By Alex Moss & David Spereall
BBC News
The man behind a fake kidnap plot involving West Yorkshire girl Shannon Matthews has died aged 54.
Michael Donovan and Shannon’s mother Karen Matthews staged the nine-year-old’s disappearance in February 2008 in a scheme to claim a £50,000 reward.
The 24-day search for Shannon ended when she was found in a bed drawer a few miles from her Dewsbury Moor home.
Matthews and Donovan were jailed for kidnap, false imprisonment and perverting the course of justice.
A spokesperson for West Yorkshire Police said: “Police were contacted on Tuesday 16 April and made aware of the death of a man in hospital in the Steeton area.
“The death is not being treated as suspicious and enquiries will be conducted on behalf of the coroner.”
The Press Association said it understood Donovan died after collapsing at a mental health unit.
Shannon went missing as she walked home on 19 February, sparking one of the largest searches ever conducted by West Yorkshire Police.
Her mother later issued an emotional appeal as more than 300 police officers became involved in the search.
However, Shannon was eventually found by police in Donovan’s flat, in nearby Batley Carr on 14 March.
During their trial at Leeds Crown Court, prosecutors said Donovan kept Shannon drugged and imprisoned in his property as part of a plan he and Matthews hatched to claim the reward money.
The pair were each jailed for eight years.
When he was sentenced, the judge, Mr Justice McCombie, told Donovan and Matthews that what they had done was “despicable”.
“It is impossible to conceive how you could have found it in you to put this young girl through the ordeal that you inflicted upon her,” he said.
The judge suggested others may have been involved in the plot due to the pair’s “low intellect”. However, the police said they had no evidence to charge anyone else.
Shannon’s disappearance led to a huge nationwide effort to find her, as police appeals were shared far and wide and volunteers from across the community in Dewsbury joined in the search.
This was later dramatised in a 2017 BBC mini-series, called The Moorside, starring Sheridan Smith.
The police investigation alone was later revealed to have cost £3.2m.
During the court case, it was revealed that Donovan and Matthews had planned to release Shannon at Dewsbury Market and then “find” her, so they could claim the reward.
But the plot was foiled when Shannon, who had been restrained by a homemade leash during her captivity, was was found hidden in the bottom of a divan bed frame at Donovan’s home.
The pair’s sentencing hearing was told that while Shannon had not been physically harmed during the kidnap, she had experienced frequent nightmares afterwards.
The police’s lead investigating officer in the case, Det Supt Andy Brennan described Matthews as “pure evil”.
Reporter Richard Edwards followed the story from initial missing alert to the sentencing of Donovan and Matthews and beyond.
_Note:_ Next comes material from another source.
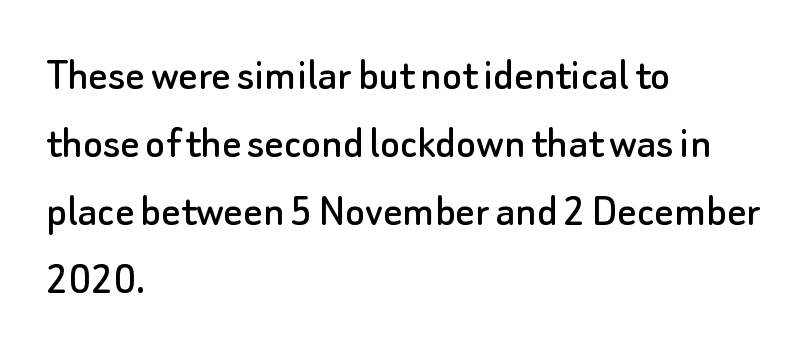
{"serif": "no", "italic": "no", "width": "normal", "stroke_contrast": "low", "x_height": "small", "monospaced": "no", "underline": "no", "align": "left", "line_spacing": "normal", "line_spacing_ratio": 1.45, "letter_spacing": "normal", "letter_spacing_em": 0.0, "glyph_px": 47}

Here’s what stuck with the BBC journalist about the search for Shannon.
Determination. That was the only way to describe the atmosphere on the Moorside estate on the icy day it was confirmed Shannon had vanished.
Determination to come together – regardless of background, or whether or not they had got on in the past – to bring one of their own home, safe.
And they did this – putting their own families second, and, on an estate that isn’t rolling in money, chucking whatever cash they could spare towards the cause.
Once the volunteers stopped physically searching – only after being asked to leave it to the police – they set up an efficient and effective Search for Shannon campaign. They operated a shift system to deliver leaflets and posters, keeping the tea urn steaming away in the community house, putting an arm around collective shoulders when – as was often – it felt like the trail had gone cold.
And then when it was confirmed the answer lay within the Moorside community the locals came through again.
No cheap calls for retribution. Instead, a recognition – however it had happened – that Shannon was home safe. Heads were held high, together.
They remain that way to this day.
Donovan was released from prison in 2012, halfway through his sentence, though he was reportedly recalled to prison on licence later that year after he was deemed to have breached his parole conditions during an incident at Leeds Market.
On Wednesday, the Ministry of Justice told the BBC that their involvement with Donovan ended in 2016 when his sentence for abducting Shannon expired.
Matthews was given a new identity upon her release from prison, halfway through her sentence in 2012, and moved away from West Yorkshire.
Shannon and Matthews’ other children were all placed into care.